TED Adds New Ways to Share Content With People Outside Long Beach Conference

By Alesandra Dubin March 8, 2011, 1:06 PM EST

Photo: James Duncan Davidson / TED

The TED Conference just wrapped its run from February 28 to March 4 at the Long Beach Performing Arts Center. The conference, which annually draws some of the biggest names and thinkers in its namesake categories—technology, entertainment, and design—and realms well beyond, this year responded to community feedback and moved the conference one day earlier in the week, so that it started on Monday evening and wrapped Friday afternoon. This allowed travel flexibility during weekends on each end. The tickets for the annual four-day gathering in Long Beach (available with $7,500 membership) sell out a year in advance, but the innovators behind the tremendously successful conference have created an identity for the TED brand well outside the lines of its local home, and added new ways for nonattendees to experience the conference's trademark 18-minute presentations.
New to the program was an initiative from TEDActive, which isn't a pre-set conference, but rather an open-source version of the conference where attendees could shape the program and get involved by giving their own talks at TEDYou, hosting workshops, and proposing inventive activities. Under director Kelly Stoetzel, TEDActive took place concurrently with the TED Conference at the Riviera Resort in Palm Springs. The new initiative there was known as TEDActive Projects, and took the form of collaborative opportunities to brainstorm easy ways to address key issues in the world at TEDActive and beyond. The themes for the projects this year were education, mobility, social networks, travel, sustainability, and “public heart” (a chance to announce anonymously what attendees felt lost about, and receive advice and direction from other attendees).

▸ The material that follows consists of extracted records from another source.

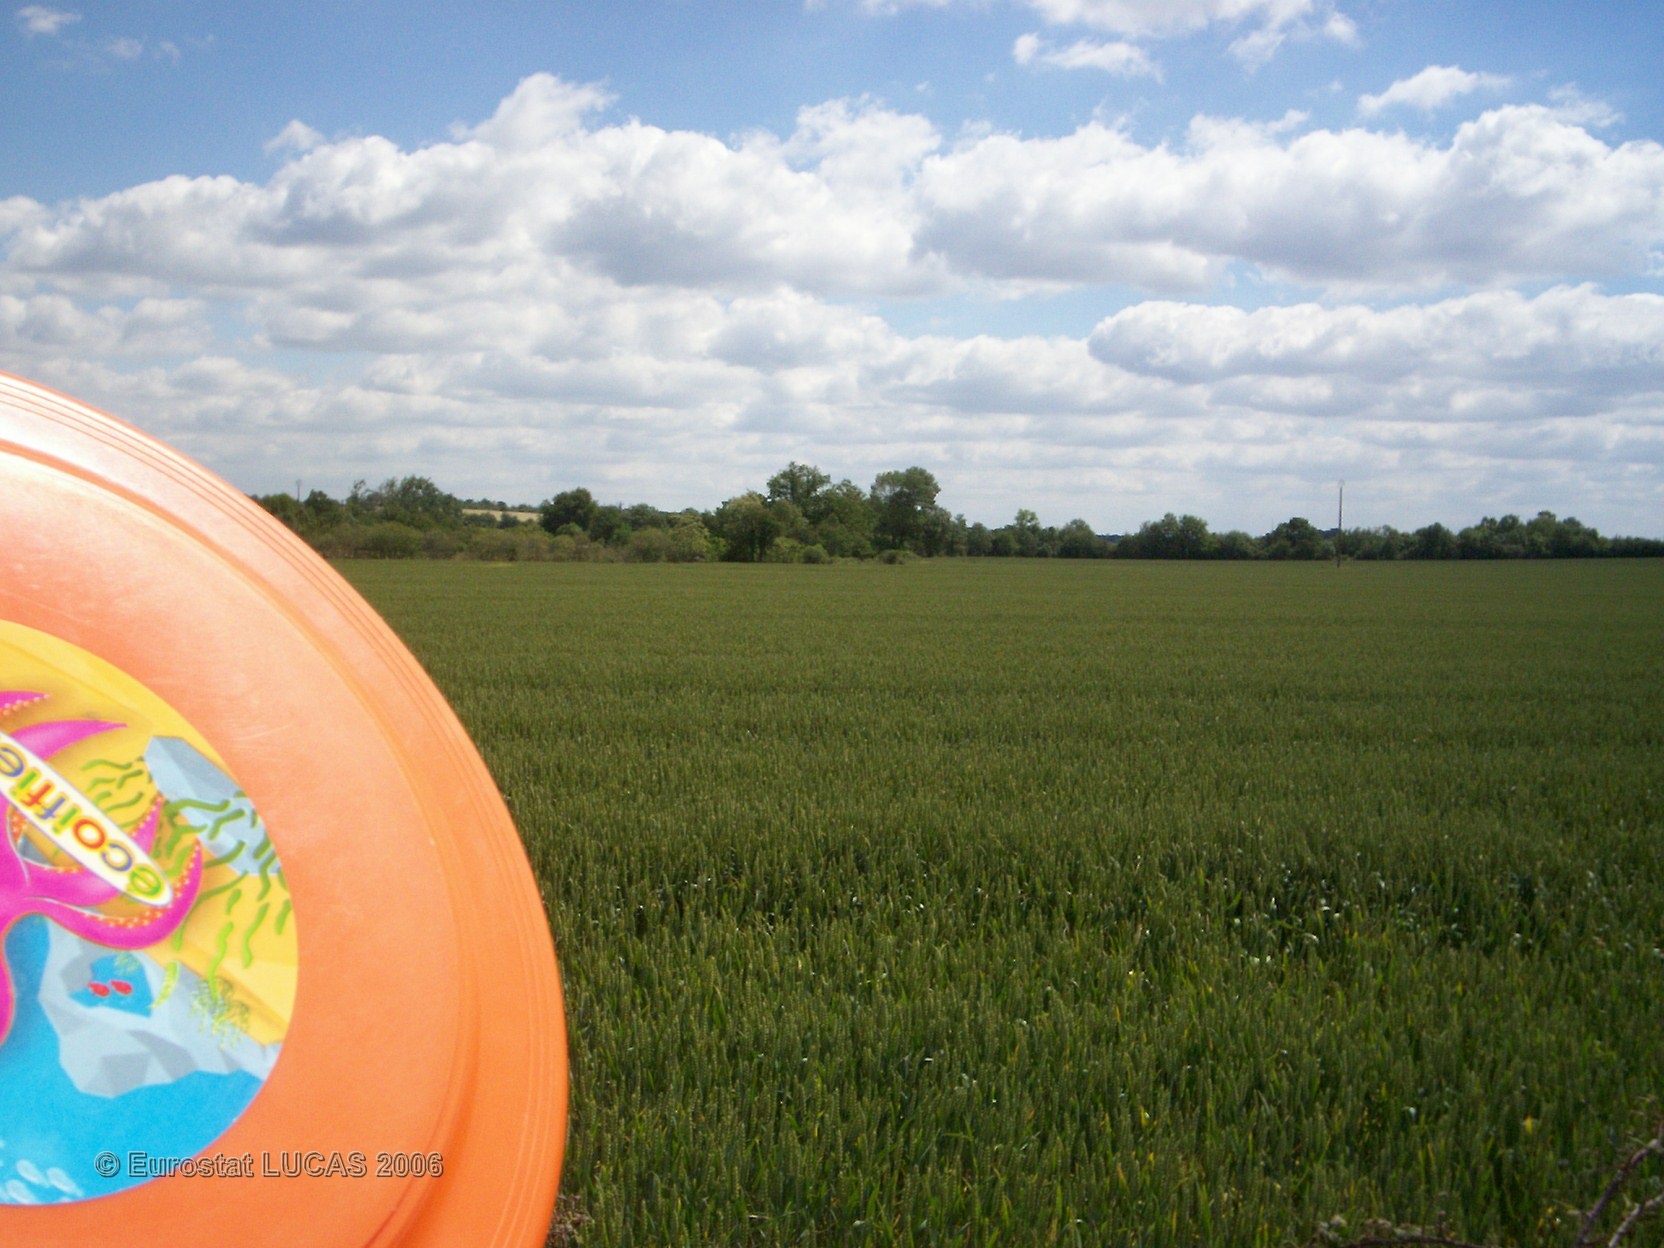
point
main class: Cropland
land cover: Common wheat
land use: Agriculture (excluding fallow land and kitchen gardens)
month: May
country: FR
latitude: 47.4954
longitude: -1.1219

In all, there were more than 1,000 attendees in Long Beach and more than 500 in Palm Springs.

Also parallel to the main conference was TEDx, which refers to the independently organized local events that take place around the globe but are licensed under TED. TEDx is an offshoot of the brand that enables anyone to host a TED-style gathering, and reinforces the grassroots thinking behind the TED brand. It's now now done in 42 languages and 96 countries, with 1,403 past events and 812 upcoming. (Recent past events included TEDxAmazonia in the Amazon rainforest in November on the theme of quality of life, and TEDxManhattan on the theme of sustainable food in February.)

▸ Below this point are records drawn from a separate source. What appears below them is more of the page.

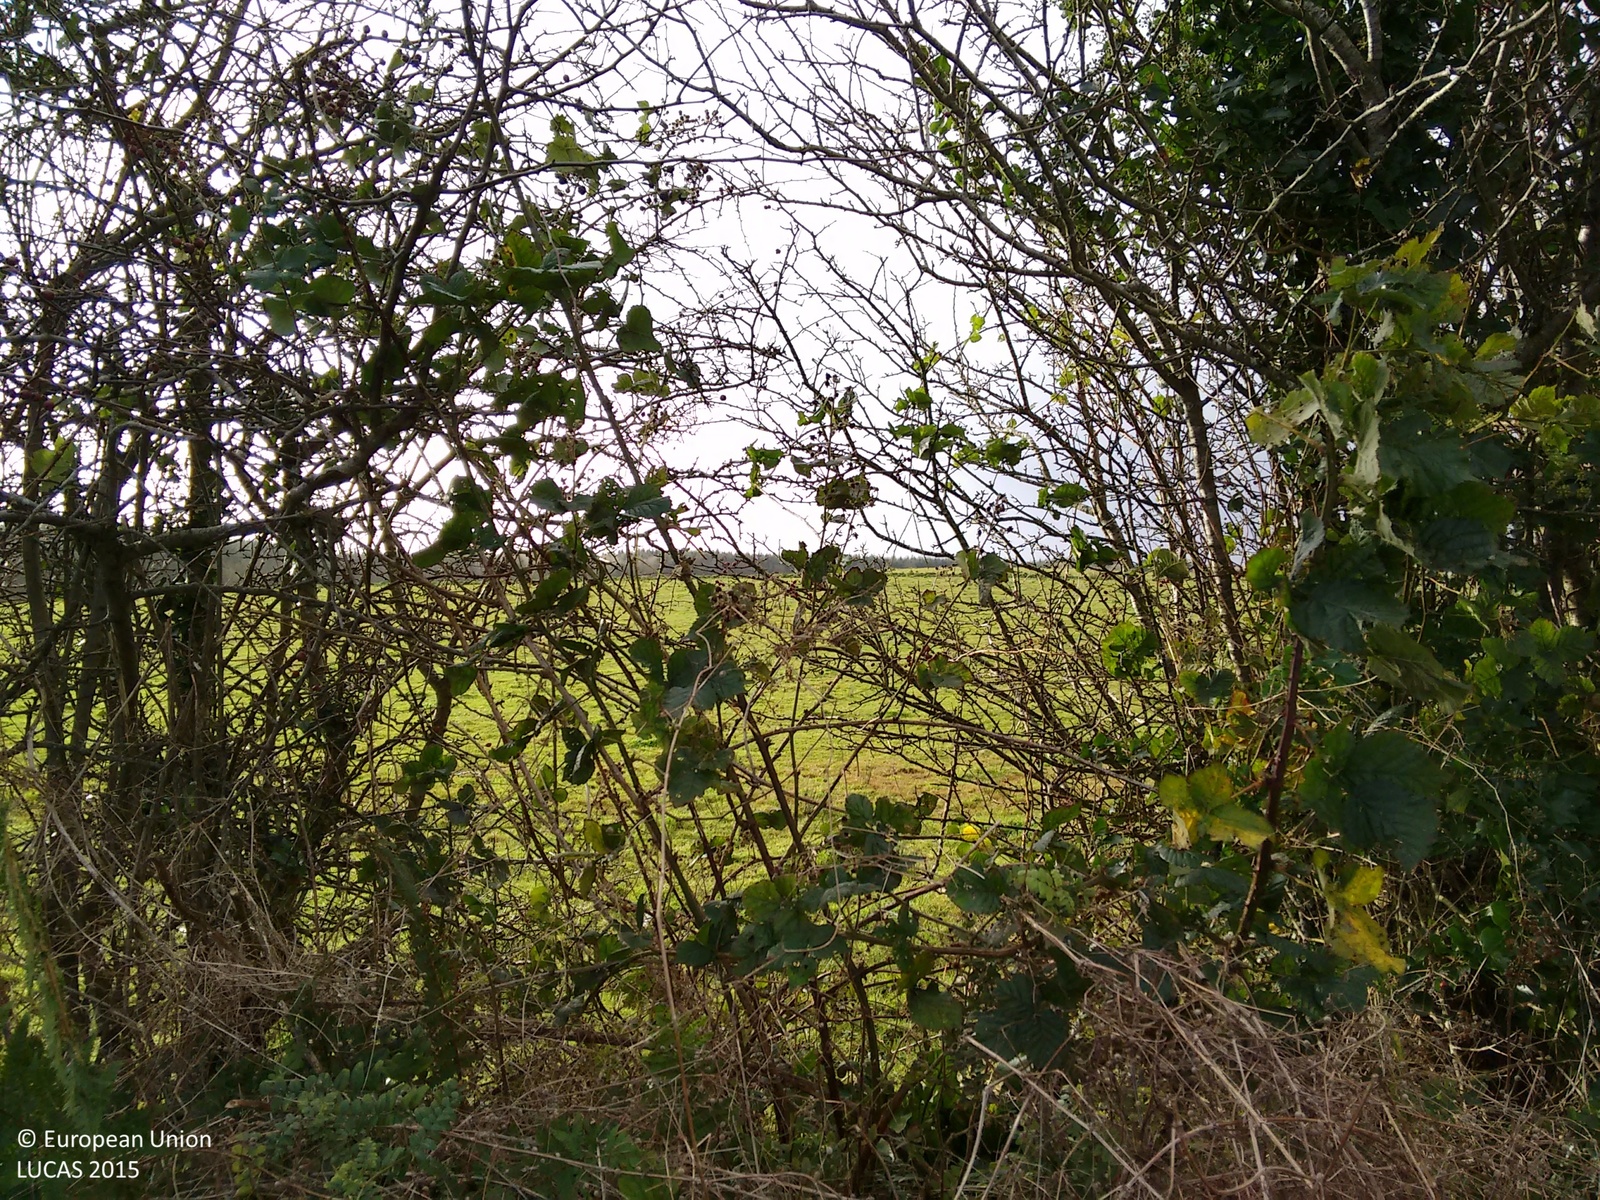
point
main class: Grassland
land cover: Grassland without tree/shrub cover
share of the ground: > 75 %
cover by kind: herbaceous plants 100 %
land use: Agriculture (excluding fallow land and kitchen gardens)
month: November
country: IE
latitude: 54.3535
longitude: -8.5493
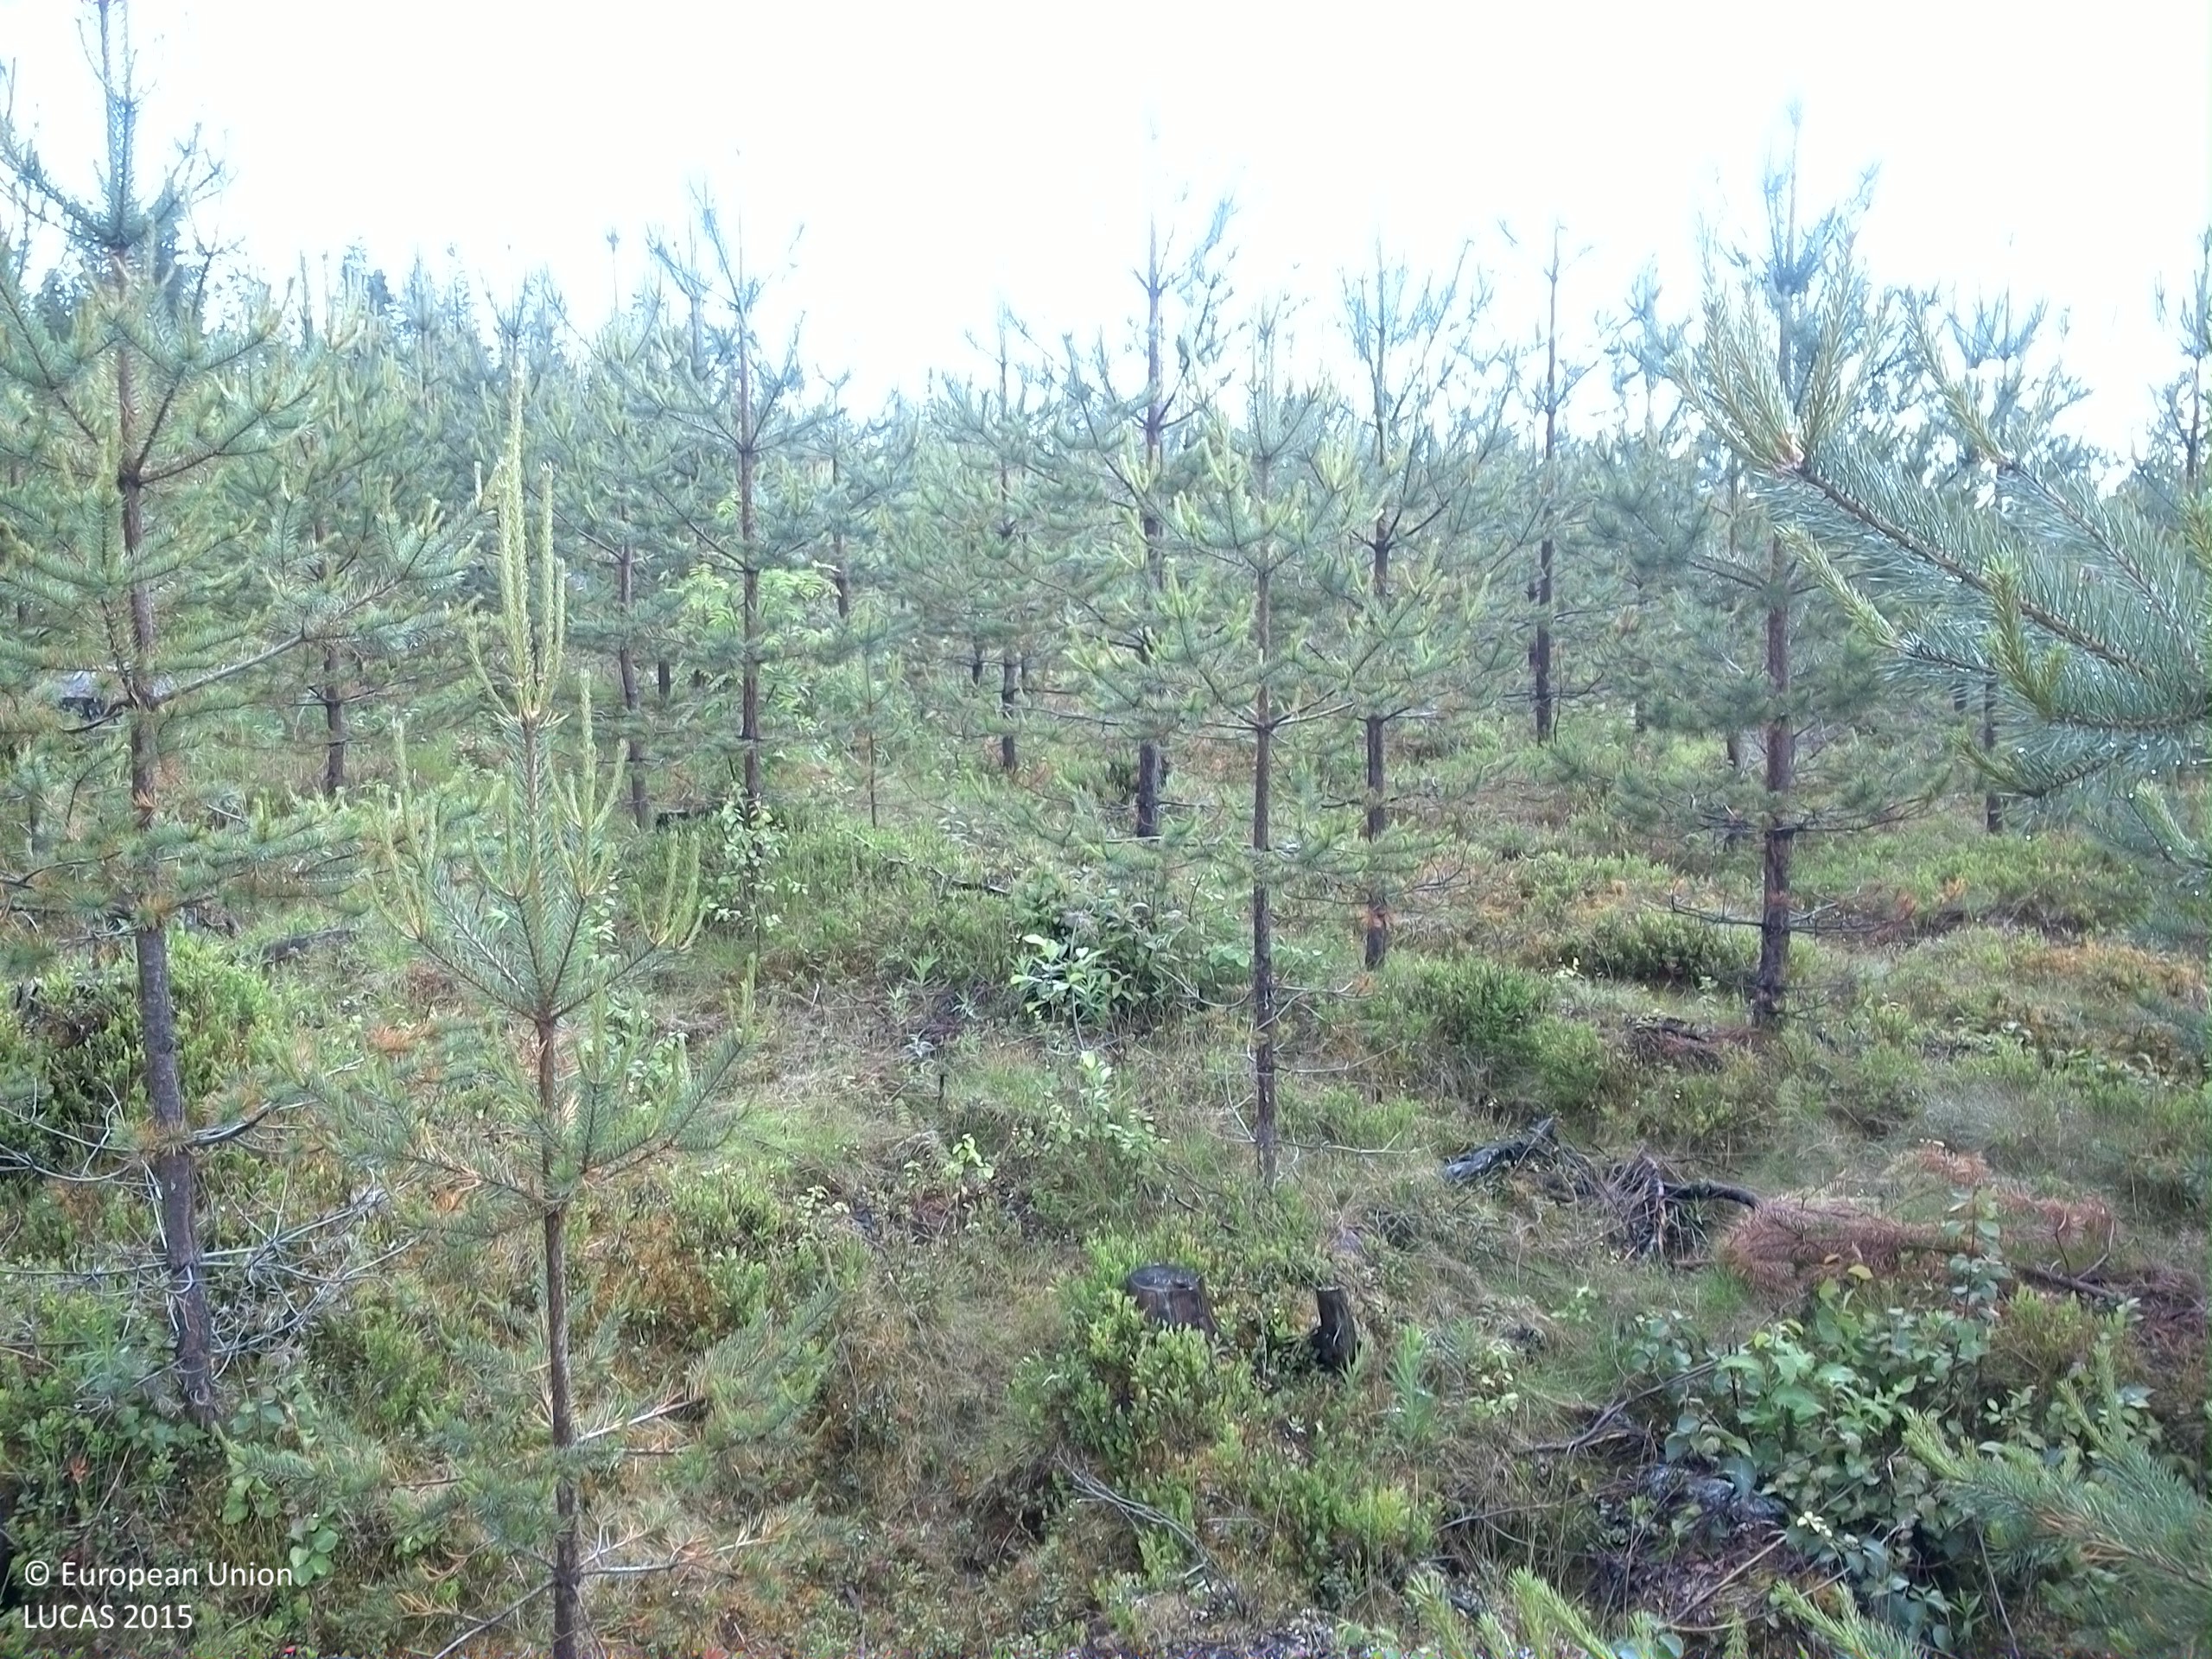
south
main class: Woodland
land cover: Pine dominated coniferous woodland
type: boreal forest
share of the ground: 25 - 50 %
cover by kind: coniferous forest trees 40 %, shrubs 20 %, herbaceous plants 20 %, lichens and mosses 15 %, broadleaved forest trees 5 %
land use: Forestry
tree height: < 5 m
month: July
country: SE
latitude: 63.6156
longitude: 18.6686

This year, 160 TEDx organizers from around the world (Colombia, South Africa, Brazil, Australia, the U.S, and elsewhere) attended TEDActive at the Riviera in Palm Springs, participating in TEDx workshops and dinners, and even took a bus to Long Beach one day to get a behind-the-scenes look at TED and take ideas back for their own programming.

TEDxLive is a new type of license for TEDx events centered around the live Webcast of the TED Conference; in the same way that organizers apply for TEDx licenses, they can apply for TEDxLive licenses. TEDxLive allows TED to make the conference more open and its impact more immediate and global. This year’s license permitted free access to the live Webcast of the entire second day of the TED2011 conference Webcast on March 2. 

As other parts of TEDx, Wael Ghonim’s talk was filmed at TEDxCairo and integrated into the main stage program in Long Beach the day after. Her Excellency Sheikha Al Mayassa bint Hamad bin Khalifa Al-Thani addressed the first TEDWomen conference in Washington, D.C., via satellite from TEDxDoha in December.